“不去 非好” – He who has not been to the Great Wall is not a true man!

 —   Chairman Mao, the founder of modern China

I was the 200 million-first visitor to the Great Wall of China. Just as the infamous “Tricky Dicky” Nixon was the first US President to visit the Wall in 1972.  The over 460 world leaders who have visited the Wall include Queen Elizabeth II and Margaret Thatcher, PM of England, Emperor Akihito of Japan, President Voroshilov of USSR, President Mandela of South Africa, and several Presidents of the US and of Russia. But the first Head of a Govt or of a State to be received at the Wall was Nehru, our first PM, in 1954. The first Premier of the People’s Republic of China, Zhou Enlai, received him there.

“The Wall can be seen from the moon.” That’s a myth. Neil Armstrong, the first man on the moon said, “no, it cannot be seen from the moon.” Buzz Aldrin, the second man on the moon, endorsed Armstrong’s statement.
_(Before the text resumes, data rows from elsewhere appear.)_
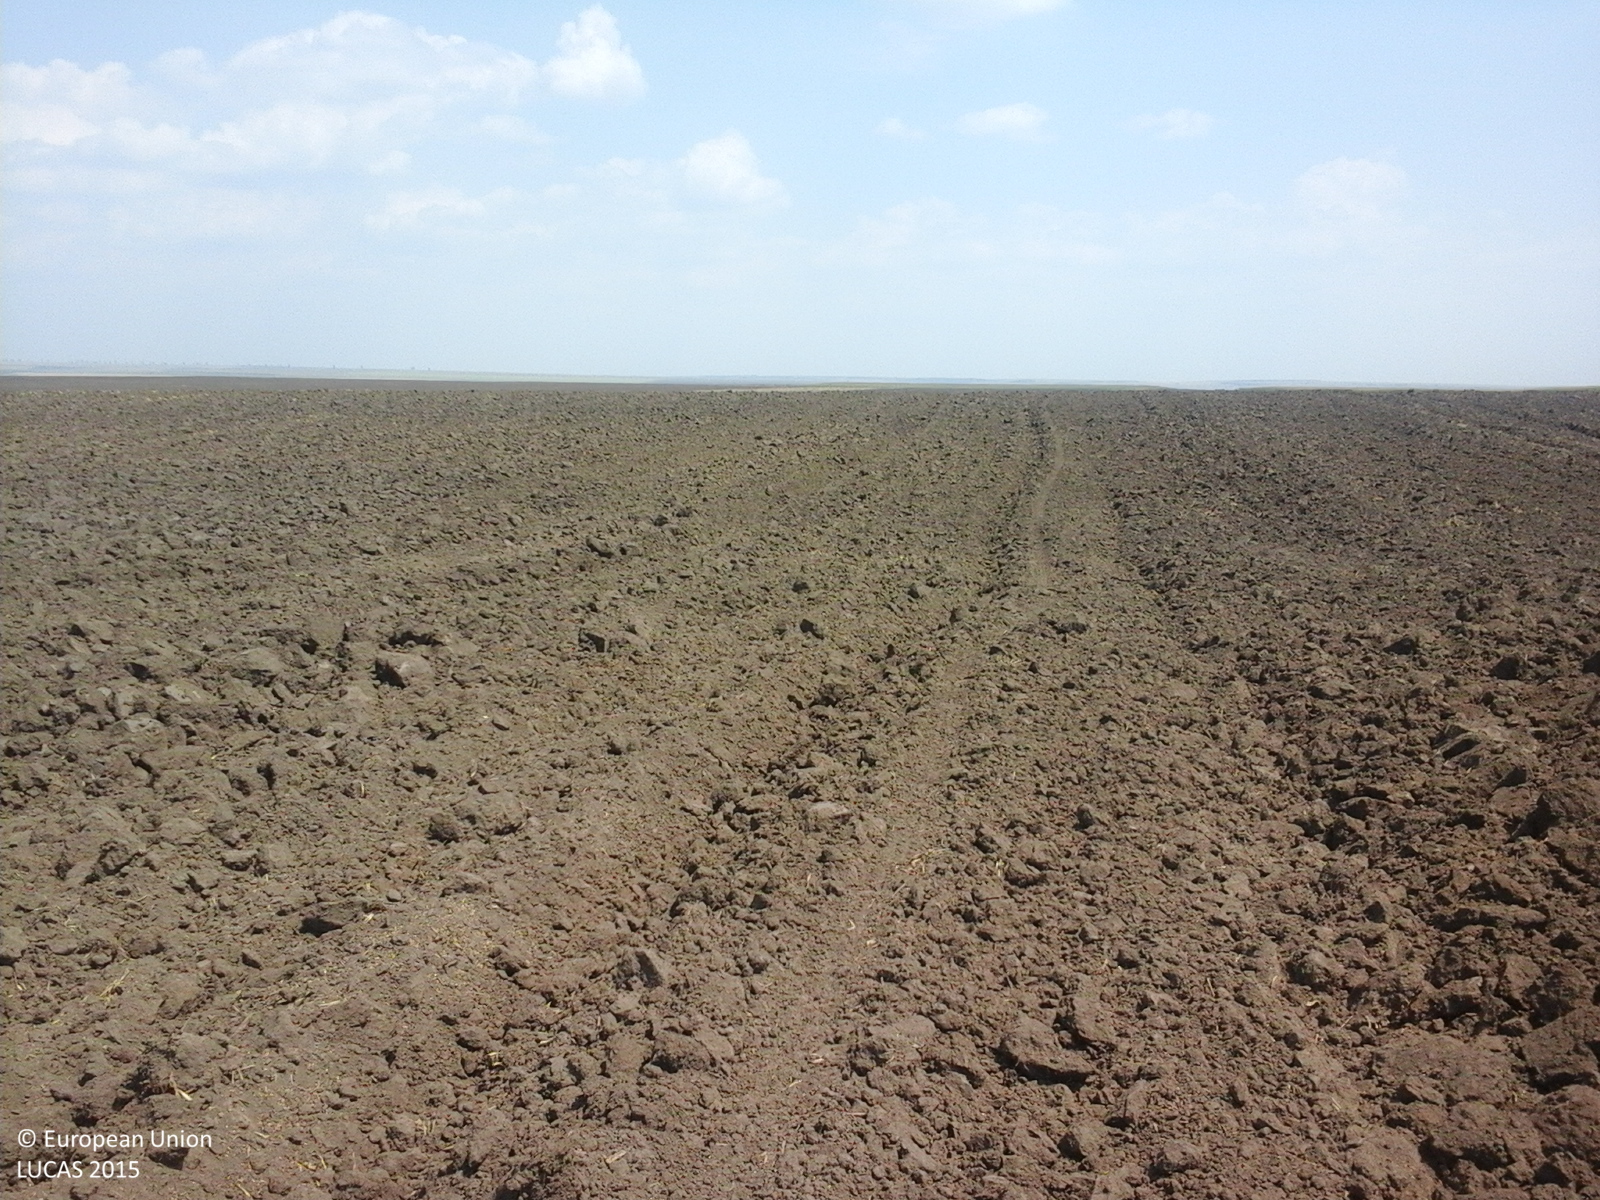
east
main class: Cropland
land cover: Common wheat
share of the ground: < 10 %
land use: Agriculture (excluding fallow land and kitchen gardens)
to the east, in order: Common wheat
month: July
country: RO
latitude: 45.9207
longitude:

Visible from the moon or not, the Wall is a marvel, a wonder. Built over 2000 years (476 BCE to  1644 CE) to a length of 13,170.69 miles (21,196.18 km) from east to west of China, it winds up and down across deserts, grasslands, mountains and plateaus. UNESCO recognised it as one of the greatest man-made structures when designating it as World Heritage Site in 1987.



The Wall was begun by Qin Shi Huang (the name means “First Emperor”). He ascended the throne in 247 BCE at age 13 and within 12 years crushed the seven disparate states to create one unified China to become its First Emperor and founder of Qin dynasty (221–206 bce). The Wall was to protect his people and territory from invasion/incursions from the north by nomads from Inner Asia.

The Wall failed to stop enemies. Genghis Khan came from the north to conquer China and establish Yuan (Mongol) dynasty (1206-1368) and create the largest land empire  –  all of China, parts of Asia and sections of Europe  –  in history. In 1644 the Manchu Qing came from the north and replaced the most ardent of the wall-building dynasties, the Ming, as rulers of China.


       Ming Chinese siege cannon on the Great Wall of China, 1629

Construction of the Wall began around 221 BCE and continued through the  Qin Dynasty (221 – 207 BCE). About 20% of the country’s population was forced to build it and 400,000 of them died during construction. Many of them were buried within the wall. Labor force was mostly soldiers and convicts.

Construction of the Wall as it is known today began around 1474 during the Ming dynasty and continued up to 1644. From a base of 15 to 50 feet, the Great Wall rose some 15-30 feet high and was topped by ramparts 12 feet or higher. Guard towers were placed on it at intervals.

The best-known section of the Wall – Badaling, 43 miles (70 km) northwest of Beijing – was rebuilt in the late 1950s. It attracts thousands of tourists every day.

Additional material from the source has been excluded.